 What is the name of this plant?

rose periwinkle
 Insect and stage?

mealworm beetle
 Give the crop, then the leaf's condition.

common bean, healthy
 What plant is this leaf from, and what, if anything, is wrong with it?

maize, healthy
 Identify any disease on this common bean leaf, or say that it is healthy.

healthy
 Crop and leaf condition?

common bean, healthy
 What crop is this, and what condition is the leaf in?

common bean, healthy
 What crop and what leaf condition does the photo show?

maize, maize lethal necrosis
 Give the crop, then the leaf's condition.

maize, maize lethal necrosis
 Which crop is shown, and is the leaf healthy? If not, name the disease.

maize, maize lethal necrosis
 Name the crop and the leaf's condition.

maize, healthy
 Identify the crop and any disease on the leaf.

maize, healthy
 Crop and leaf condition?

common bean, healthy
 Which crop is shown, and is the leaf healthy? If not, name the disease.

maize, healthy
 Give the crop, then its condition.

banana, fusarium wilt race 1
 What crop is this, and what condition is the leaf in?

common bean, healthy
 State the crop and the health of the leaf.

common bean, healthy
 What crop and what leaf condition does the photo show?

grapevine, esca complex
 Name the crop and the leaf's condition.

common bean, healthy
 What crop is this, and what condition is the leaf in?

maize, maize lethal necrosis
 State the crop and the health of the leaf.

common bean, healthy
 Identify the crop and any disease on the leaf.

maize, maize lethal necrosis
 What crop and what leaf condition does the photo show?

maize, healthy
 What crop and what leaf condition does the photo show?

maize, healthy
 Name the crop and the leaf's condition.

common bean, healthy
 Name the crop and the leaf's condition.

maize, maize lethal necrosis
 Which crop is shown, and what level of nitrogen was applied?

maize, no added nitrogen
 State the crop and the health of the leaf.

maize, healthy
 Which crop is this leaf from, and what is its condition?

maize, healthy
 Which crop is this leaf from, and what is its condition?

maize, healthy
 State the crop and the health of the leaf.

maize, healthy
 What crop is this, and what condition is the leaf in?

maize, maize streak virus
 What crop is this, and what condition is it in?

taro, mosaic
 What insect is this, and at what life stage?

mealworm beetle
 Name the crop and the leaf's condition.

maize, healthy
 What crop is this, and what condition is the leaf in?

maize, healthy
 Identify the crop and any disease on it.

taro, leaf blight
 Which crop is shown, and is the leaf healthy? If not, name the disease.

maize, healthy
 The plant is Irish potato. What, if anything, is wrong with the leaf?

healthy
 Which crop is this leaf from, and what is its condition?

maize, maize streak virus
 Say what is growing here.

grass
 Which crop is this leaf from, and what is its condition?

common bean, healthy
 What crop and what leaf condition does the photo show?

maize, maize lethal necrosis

==*==

# WHAT THE EXERCISE ASKS
Reproduce the listing above in full, word for word.

# ANSWER AREA
 What is the name of this plant?

rose periwinkle
 Insect and stage?

mealworm beetle
 Give the crop, then the leaf's condition.

common bean, healthy
 What plant is this leaf from, and what, if anything, is wrong with it?

maize, healthy
 Identify any disease on this common bean leaf, or say that it is healthy.

healthy
 Crop and leaf condition?

common bean, healthy
 What crop is this, and what condition is the leaf in?

common bean, healthy
 What crop and what leaf condition does the photo show?

maize, maize lethal necrosis
 Give the crop, then the leaf's condition.

maize, maize lethal necrosis
 Which crop is shown, and is the leaf healthy? If not, name the disease.

maize, maize lethal necrosis
 Name the crop and the leaf's condition.

maize, healthy
 Identify the crop and any disease on the leaf.

maize, healthy
 Crop and leaf condition?

common bean, healthy
 Which crop is shown, and is the leaf healthy? If not, name the disease.

maize, healthy
 Give the crop, then its condition.

banana, fusarium wilt race 1
 What crop is this, and what condition is the leaf in?

common bean, healthy
 State the crop and the health of the leaf.

common bean, healthy
 What crop and what leaf condition does the photo show?

grapevine, esca complex
 Name the crop and the leaf's condition.

common bean, healthy
 What crop is this, and what condition is the leaf in?

maize, maize lethal necrosis
 State the crop and the health of the leaf.

common bean, healthy
 Identify the crop and any disease on the leaf.

maize, maize lethal necrosis
 What crop and what leaf condition does the photo show?

maize, healthy
 What crop and what leaf condition does the photo show?

maize, healthy
 Name the crop and the leaf's condition.

common bean, healthy
 Name the crop and the leaf's condition.

maize, maize lethal necrosis
 Which crop is shown, and what level of nitrogen was applied?

maize, no added nitrogen
 State the crop and the health of the leaf.

maize, healthy
 Which crop is this leaf from, and what is its condition?

maize, healthy
 Which crop is this leaf from, and what is its condition?

maize, healthy
 State the crop and the health of the leaf.

maize, healthy
 What crop is this, and what condition is the leaf in?

maize, maize streak virus
 What crop is this, and what condition is it in?

taro, mosaic
 What insect is this, and at what life stage?

mealworm beetle
 Name the crop and the leaf's condition.

maize, healthy
 What crop is this, and what condition is the leaf in?

maize, healthy
 Identify the crop and any disease on it.

taro, leaf blight
 Which crop is shown, and is the leaf healthy? If not, name the disease.

maize, healthy
 The plant is Irish potato. What, if anything, is wrong with the leaf?

healthy
 Which crop is this leaf from, and what is its condition?

maize, maize streak virus
 Say what is growing here.

grass
 Which crop is this leaf from, and what is its condition?

common bean, healthy
 What crop and what leaf condition does the photo show?

maize, maize lethal necrosis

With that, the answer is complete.